(Items from a dataset)

- Opening Delimiter -

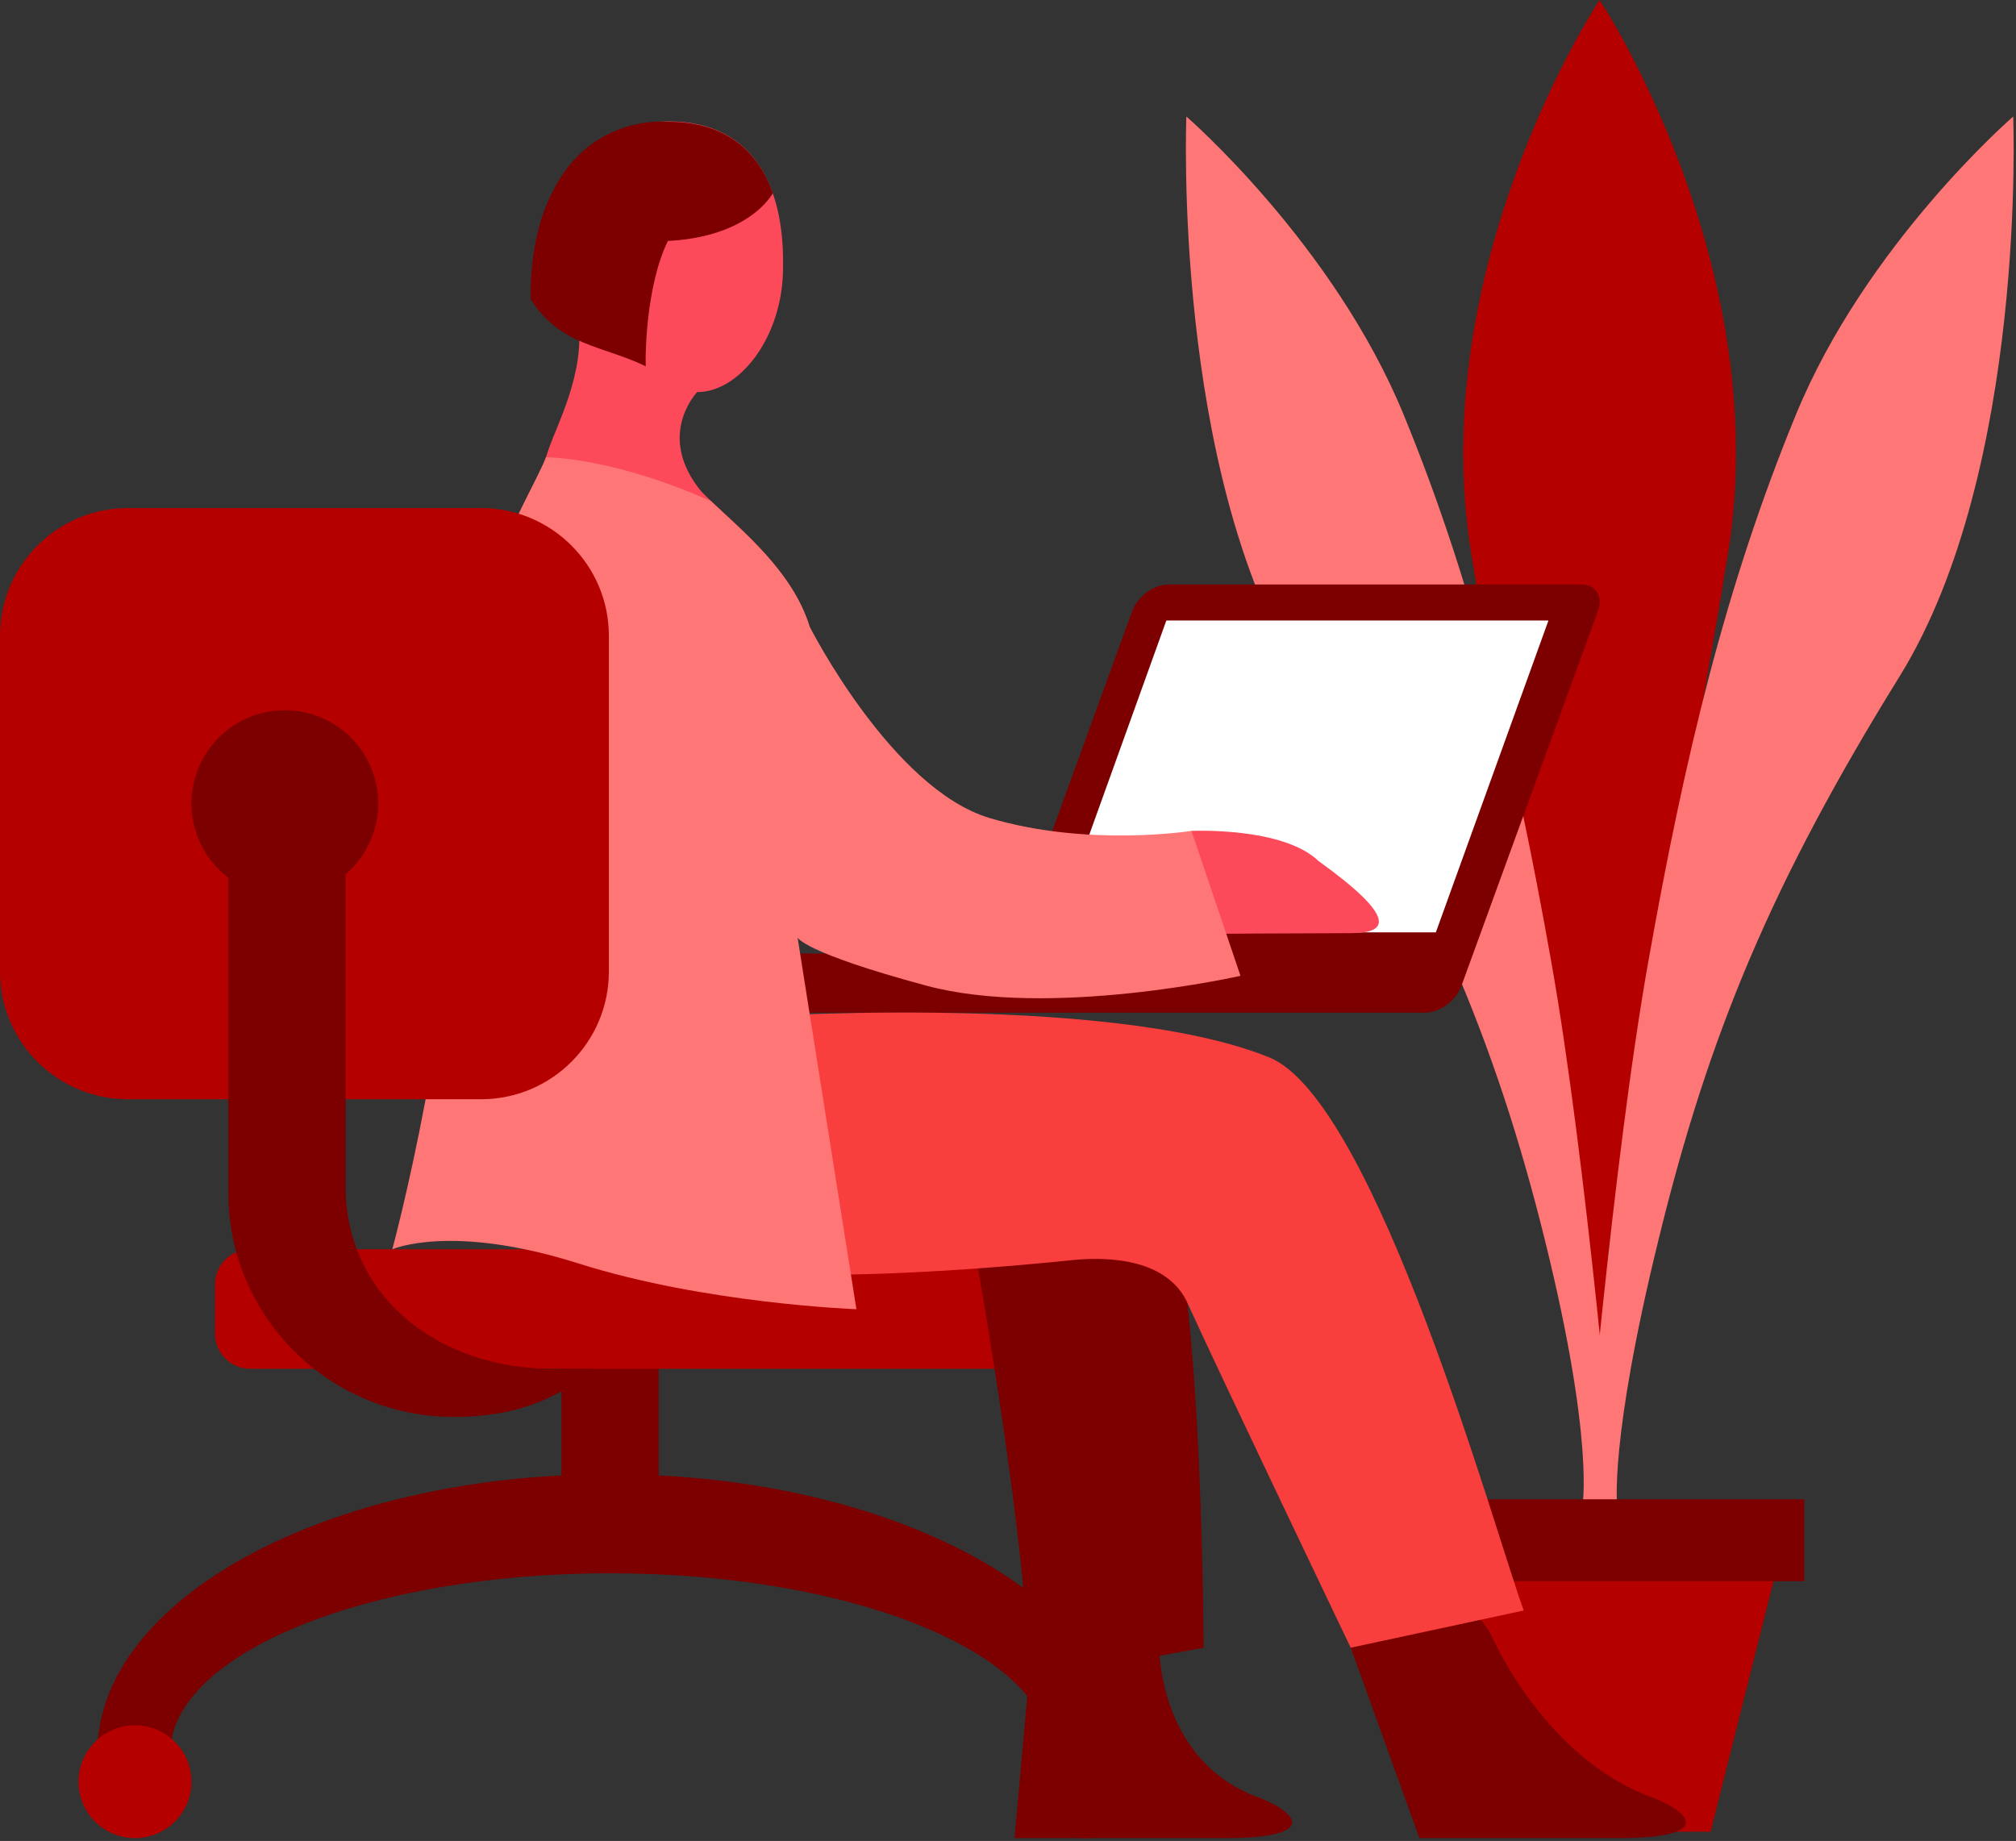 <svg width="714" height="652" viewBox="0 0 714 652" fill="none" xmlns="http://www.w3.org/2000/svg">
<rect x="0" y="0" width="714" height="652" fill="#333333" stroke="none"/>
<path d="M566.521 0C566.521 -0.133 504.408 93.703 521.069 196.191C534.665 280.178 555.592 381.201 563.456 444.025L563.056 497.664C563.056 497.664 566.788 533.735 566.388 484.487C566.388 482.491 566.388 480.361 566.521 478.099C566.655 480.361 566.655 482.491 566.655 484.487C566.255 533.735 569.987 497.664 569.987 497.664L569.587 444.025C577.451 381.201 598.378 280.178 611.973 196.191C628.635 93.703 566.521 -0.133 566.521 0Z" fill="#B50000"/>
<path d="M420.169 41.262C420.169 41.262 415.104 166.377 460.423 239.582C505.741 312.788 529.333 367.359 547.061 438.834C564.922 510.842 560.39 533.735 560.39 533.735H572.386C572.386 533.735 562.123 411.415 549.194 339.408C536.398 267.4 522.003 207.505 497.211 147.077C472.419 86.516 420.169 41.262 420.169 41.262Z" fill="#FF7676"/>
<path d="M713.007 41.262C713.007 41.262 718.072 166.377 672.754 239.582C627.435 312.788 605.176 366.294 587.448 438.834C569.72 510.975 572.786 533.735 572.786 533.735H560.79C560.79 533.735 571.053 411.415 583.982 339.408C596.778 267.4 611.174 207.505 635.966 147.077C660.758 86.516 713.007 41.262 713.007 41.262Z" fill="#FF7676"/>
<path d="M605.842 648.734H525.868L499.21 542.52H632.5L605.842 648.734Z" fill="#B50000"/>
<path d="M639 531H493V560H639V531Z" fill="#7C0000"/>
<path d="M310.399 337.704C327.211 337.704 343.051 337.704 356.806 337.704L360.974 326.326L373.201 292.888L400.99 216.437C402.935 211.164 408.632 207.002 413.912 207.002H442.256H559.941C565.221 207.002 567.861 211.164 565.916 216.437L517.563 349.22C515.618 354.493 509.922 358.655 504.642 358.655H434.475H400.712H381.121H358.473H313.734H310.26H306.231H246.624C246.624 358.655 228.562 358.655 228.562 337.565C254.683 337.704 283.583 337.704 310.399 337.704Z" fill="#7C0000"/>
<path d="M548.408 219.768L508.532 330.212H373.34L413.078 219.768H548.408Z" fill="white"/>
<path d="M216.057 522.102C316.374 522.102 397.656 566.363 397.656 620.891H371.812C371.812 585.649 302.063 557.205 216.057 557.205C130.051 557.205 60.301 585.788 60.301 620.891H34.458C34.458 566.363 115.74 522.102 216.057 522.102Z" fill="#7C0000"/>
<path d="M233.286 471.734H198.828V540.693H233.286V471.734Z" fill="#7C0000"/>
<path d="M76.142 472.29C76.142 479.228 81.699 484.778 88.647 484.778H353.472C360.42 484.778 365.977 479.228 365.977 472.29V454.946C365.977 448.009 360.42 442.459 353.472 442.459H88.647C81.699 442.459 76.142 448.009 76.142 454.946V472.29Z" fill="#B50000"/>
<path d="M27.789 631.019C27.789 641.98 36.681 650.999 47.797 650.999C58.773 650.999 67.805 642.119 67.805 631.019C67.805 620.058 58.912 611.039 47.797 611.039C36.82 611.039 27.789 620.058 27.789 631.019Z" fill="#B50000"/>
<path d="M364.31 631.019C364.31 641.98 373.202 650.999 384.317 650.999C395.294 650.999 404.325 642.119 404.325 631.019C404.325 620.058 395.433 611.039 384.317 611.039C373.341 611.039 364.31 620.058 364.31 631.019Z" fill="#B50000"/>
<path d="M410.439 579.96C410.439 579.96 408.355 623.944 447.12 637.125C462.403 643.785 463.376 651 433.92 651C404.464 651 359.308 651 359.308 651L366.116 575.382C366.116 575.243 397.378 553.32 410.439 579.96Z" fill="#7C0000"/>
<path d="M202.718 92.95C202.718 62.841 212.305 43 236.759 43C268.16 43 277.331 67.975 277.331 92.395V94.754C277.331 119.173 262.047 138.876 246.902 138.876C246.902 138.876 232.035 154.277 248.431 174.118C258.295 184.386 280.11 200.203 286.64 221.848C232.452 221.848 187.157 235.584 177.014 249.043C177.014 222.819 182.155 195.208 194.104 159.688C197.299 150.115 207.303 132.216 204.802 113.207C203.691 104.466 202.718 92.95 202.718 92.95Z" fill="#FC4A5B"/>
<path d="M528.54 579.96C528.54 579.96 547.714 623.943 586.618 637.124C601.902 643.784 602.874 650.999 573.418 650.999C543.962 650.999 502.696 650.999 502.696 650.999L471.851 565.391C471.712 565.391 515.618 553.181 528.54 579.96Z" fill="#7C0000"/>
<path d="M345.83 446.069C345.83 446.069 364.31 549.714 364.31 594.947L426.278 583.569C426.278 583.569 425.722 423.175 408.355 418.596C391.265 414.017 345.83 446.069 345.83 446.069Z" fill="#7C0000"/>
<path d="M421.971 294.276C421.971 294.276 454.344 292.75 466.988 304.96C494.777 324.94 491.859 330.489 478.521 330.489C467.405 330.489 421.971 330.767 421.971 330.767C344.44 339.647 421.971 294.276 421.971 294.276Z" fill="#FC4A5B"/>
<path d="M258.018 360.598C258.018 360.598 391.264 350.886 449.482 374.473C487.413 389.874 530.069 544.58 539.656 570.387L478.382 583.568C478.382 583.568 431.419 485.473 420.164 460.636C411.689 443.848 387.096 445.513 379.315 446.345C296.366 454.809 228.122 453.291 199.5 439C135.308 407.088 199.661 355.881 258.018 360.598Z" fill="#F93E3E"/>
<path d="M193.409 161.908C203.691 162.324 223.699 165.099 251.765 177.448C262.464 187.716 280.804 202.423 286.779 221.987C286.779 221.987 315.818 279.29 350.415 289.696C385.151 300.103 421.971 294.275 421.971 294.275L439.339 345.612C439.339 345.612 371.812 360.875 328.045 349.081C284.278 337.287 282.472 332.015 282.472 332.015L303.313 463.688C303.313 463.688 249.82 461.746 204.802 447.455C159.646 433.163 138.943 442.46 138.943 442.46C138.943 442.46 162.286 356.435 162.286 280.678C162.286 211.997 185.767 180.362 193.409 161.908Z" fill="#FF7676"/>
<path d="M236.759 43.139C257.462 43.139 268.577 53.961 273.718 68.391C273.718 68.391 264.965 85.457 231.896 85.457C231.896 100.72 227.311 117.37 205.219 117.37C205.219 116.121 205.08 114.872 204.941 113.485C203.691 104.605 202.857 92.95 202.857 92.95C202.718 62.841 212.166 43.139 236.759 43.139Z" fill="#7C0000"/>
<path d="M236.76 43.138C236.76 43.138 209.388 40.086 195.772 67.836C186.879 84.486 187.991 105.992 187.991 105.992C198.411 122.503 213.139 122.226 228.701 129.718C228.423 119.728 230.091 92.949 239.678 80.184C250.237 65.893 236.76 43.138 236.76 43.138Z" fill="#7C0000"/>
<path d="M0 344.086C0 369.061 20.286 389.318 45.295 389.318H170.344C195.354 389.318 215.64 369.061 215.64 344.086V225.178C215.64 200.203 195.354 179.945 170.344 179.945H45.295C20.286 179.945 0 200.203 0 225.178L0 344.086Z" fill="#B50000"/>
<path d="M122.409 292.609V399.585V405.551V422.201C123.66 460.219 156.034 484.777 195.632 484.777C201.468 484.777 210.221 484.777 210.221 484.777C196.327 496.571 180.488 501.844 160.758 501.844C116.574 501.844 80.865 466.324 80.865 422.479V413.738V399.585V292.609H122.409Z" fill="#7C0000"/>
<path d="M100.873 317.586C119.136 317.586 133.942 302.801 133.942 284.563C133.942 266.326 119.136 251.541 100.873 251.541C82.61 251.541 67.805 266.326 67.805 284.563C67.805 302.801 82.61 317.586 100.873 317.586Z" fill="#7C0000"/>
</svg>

- Closing Delimiter -

Activity —
Output nothing but the lines from the one with "43.139C257.462 43.139 268.577" through the last line above, each exactly as it stands.

Solved exercise —
<path d="M236.759 43.139C257.462 43.139 268.577 53.961 273.718 68.391C273.718 68.391 264.965 85.457 231.896 85.457C231.896 100.72 227.311 117.37 205.219 117.37C205.219 116.121 205.08 114.872 204.941 113.485C203.691 104.605 202.857 92.95 202.857 92.95C202.718 62.841 212.166 43.139 236.759 43.139Z" fill="#7C0000"/>
<path d="M236.76 43.138C236.76 43.138 209.388 40.086 195.772 67.836C186.879 84.486 187.991 105.992 187.991 105.992C198.411 122.503 213.139 122.226 228.701 129.718C228.423 119.728 230.091 92.949 239.678 80.184C250.237 65.893 236.76 43.138 236.76 43.138Z" fill="#7C0000"/>
<path d="M0 344.086C0 369.061 20.286 389.318 45.295 389.318H170.344C195.354 389.318 215.64 369.061 215.64 344.086V225.178C215.64 200.203 195.354 179.945 170.344 179.945H45.295C20.286 179.945 0 200.203 0 225.178L0 344.086Z" fill="#B50000"/>
<path d="M122.409 292.609V399.585V405.551V422.201C123.66 460.219 156.034 484.777 195.632 484.777C201.468 484.777 210.221 484.777 210.221 484.777C196.327 496.571 180.488 501.844 160.758 501.844C116.574 501.844 80.865 466.324 80.865 422.479V413.738V399.585V292.609H122.409Z" fill="#7C0000"/>
<path d="M100.873 317.586C119.136 317.586 133.942 302.801 133.942 284.563C133.942 266.326 119.136 251.541 100.873 251.541C82.61 251.541 67.805 266.326 67.805 284.563C67.805 302.801 82.61 317.586 100.873 317.586Z" fill="#7C0000"/>
</svg>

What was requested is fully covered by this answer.